**WHAT IS EXPECTED:** Please write out exactly the line containing "share of the ground: < 10 %" below and every line after it, through the last one, but leave out any pictures.

________________________

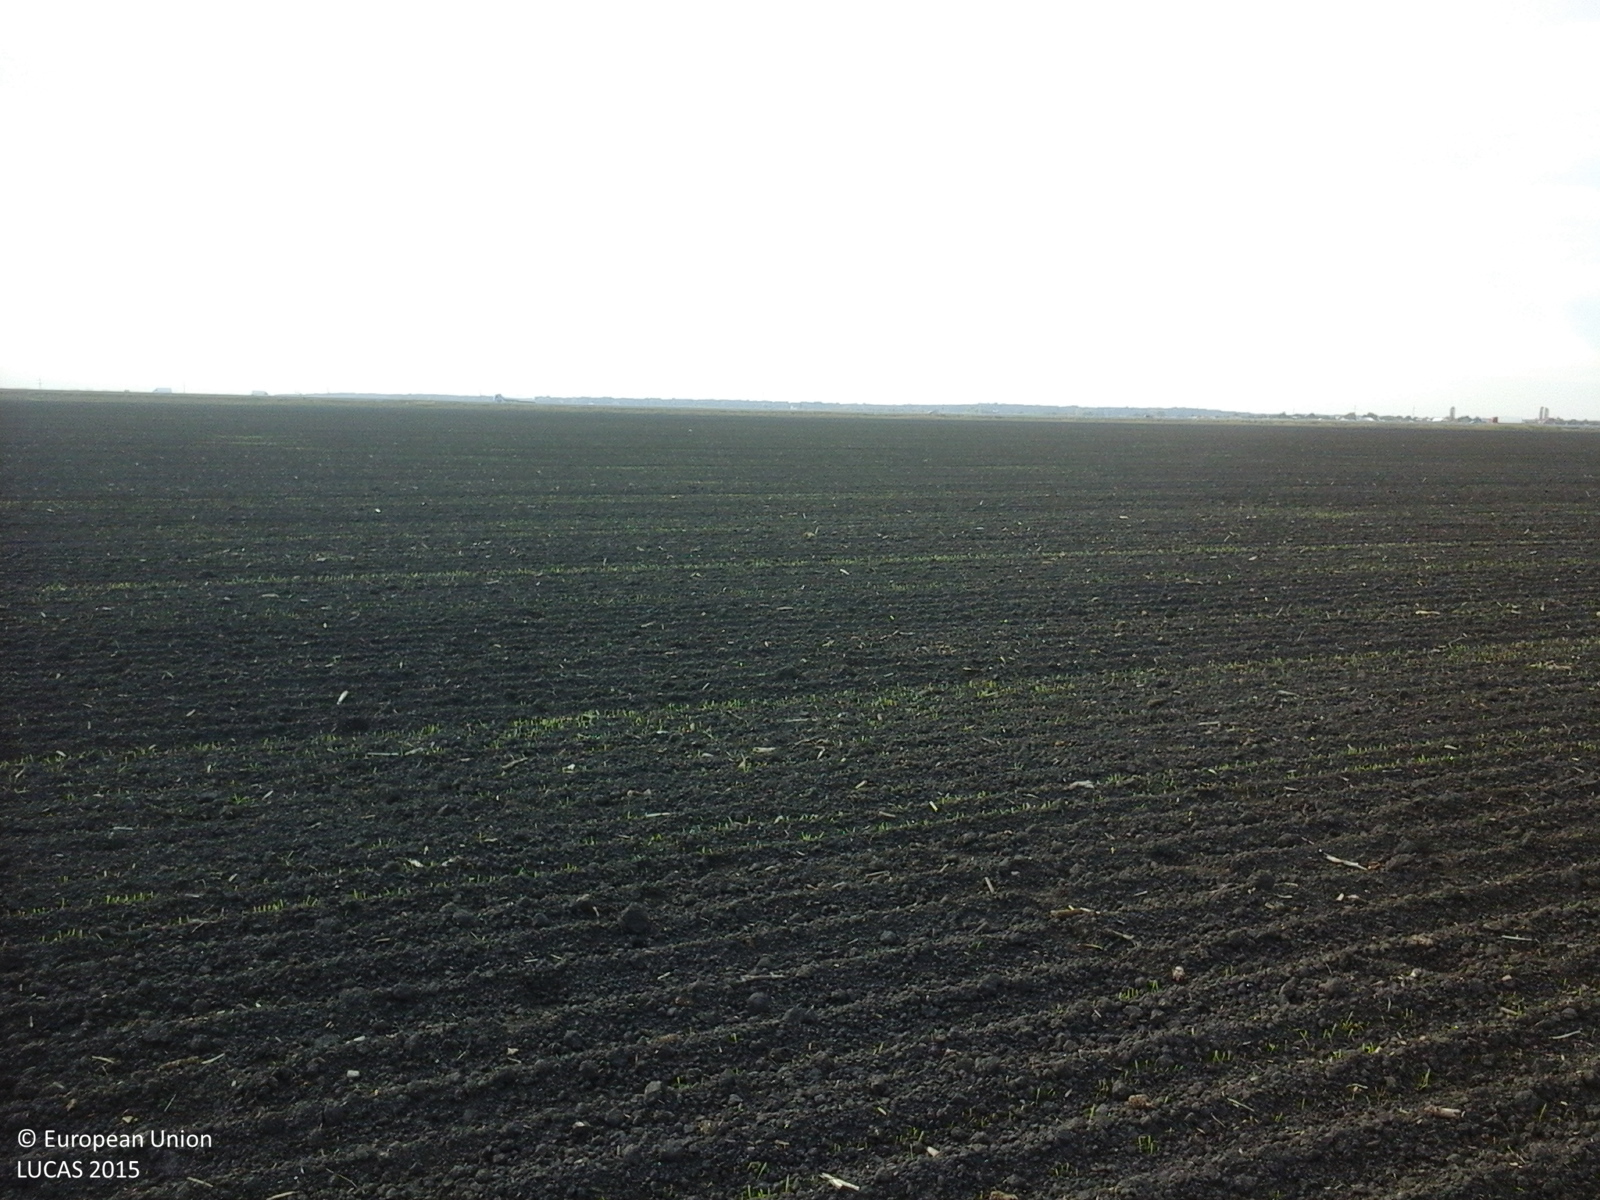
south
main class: Cropland
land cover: Maize
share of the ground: < 10 %
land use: Agriculture (excluding fallow land and kitchen gardens)
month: October
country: RO
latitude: 44.8867
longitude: 26.0744
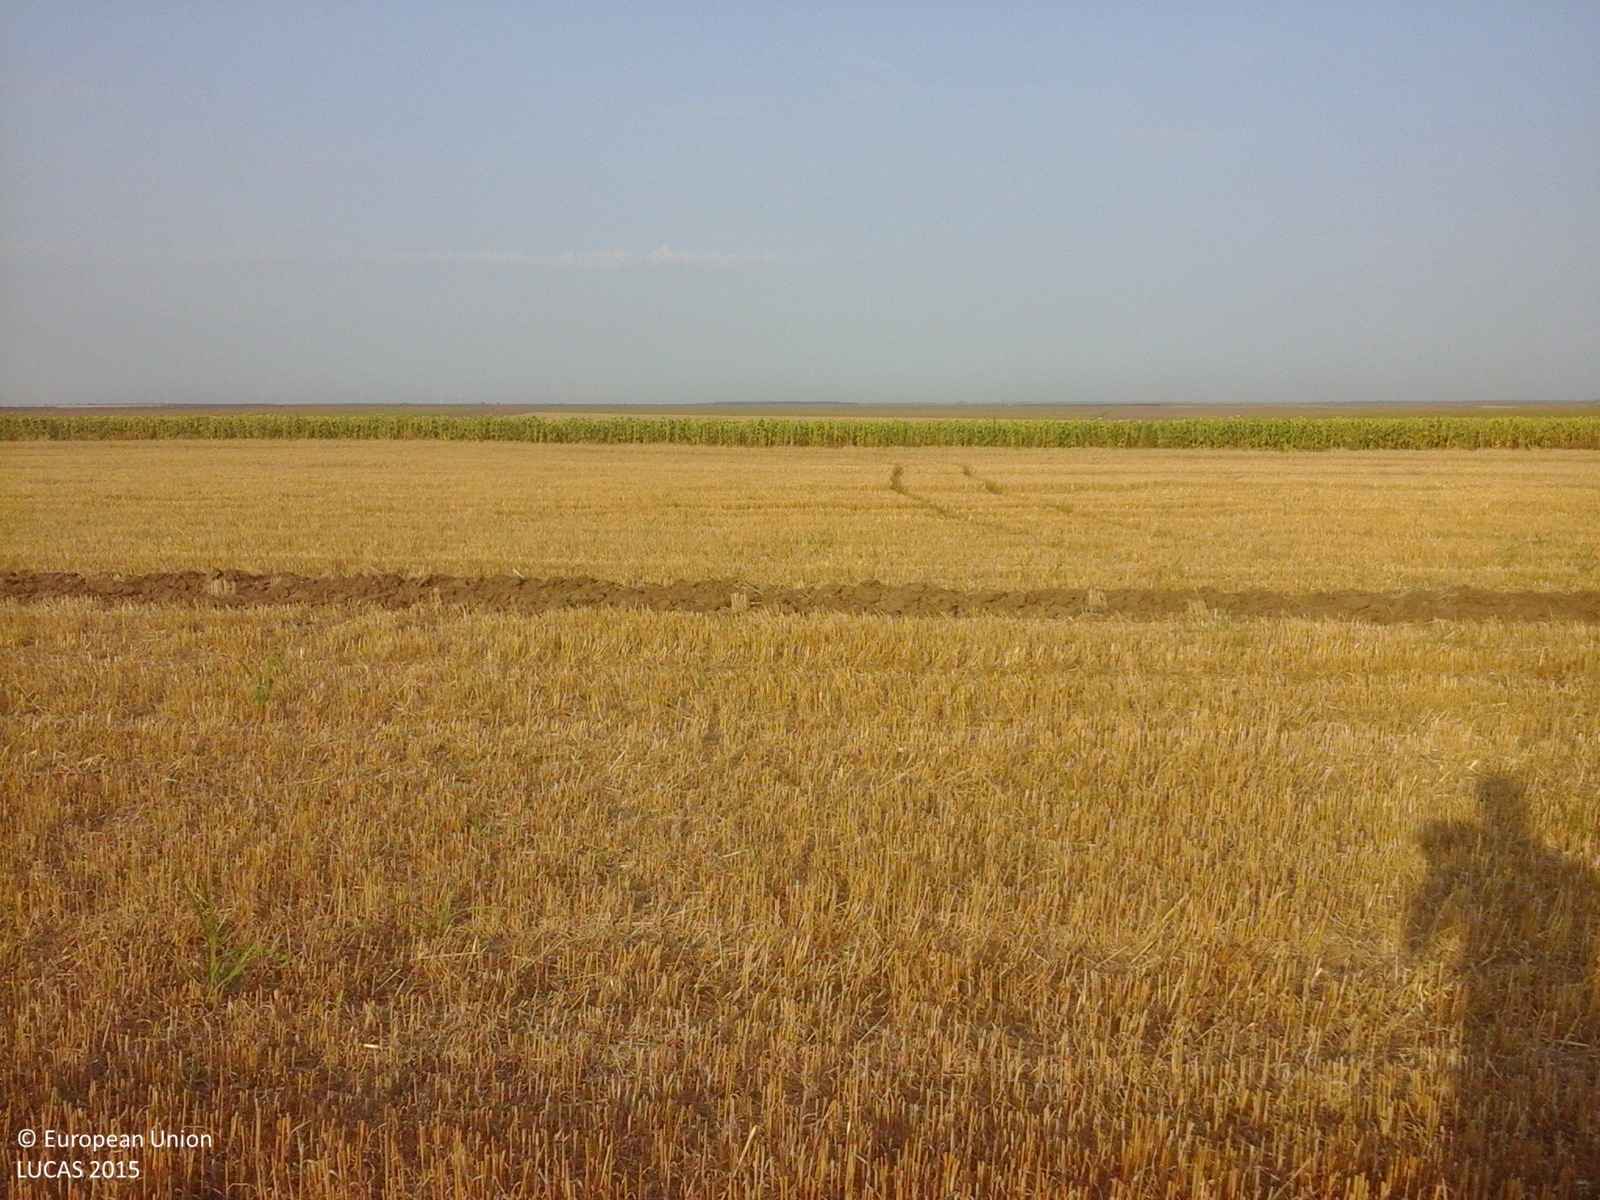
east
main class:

________________________

**RESPONSE AREA:**
share of the ground: < 10 %
land use: Agriculture (excluding fallow land and kitchen gardens)
month: October
country: RO
latitude: 44.8867
longitude: 26.0744
east
main class:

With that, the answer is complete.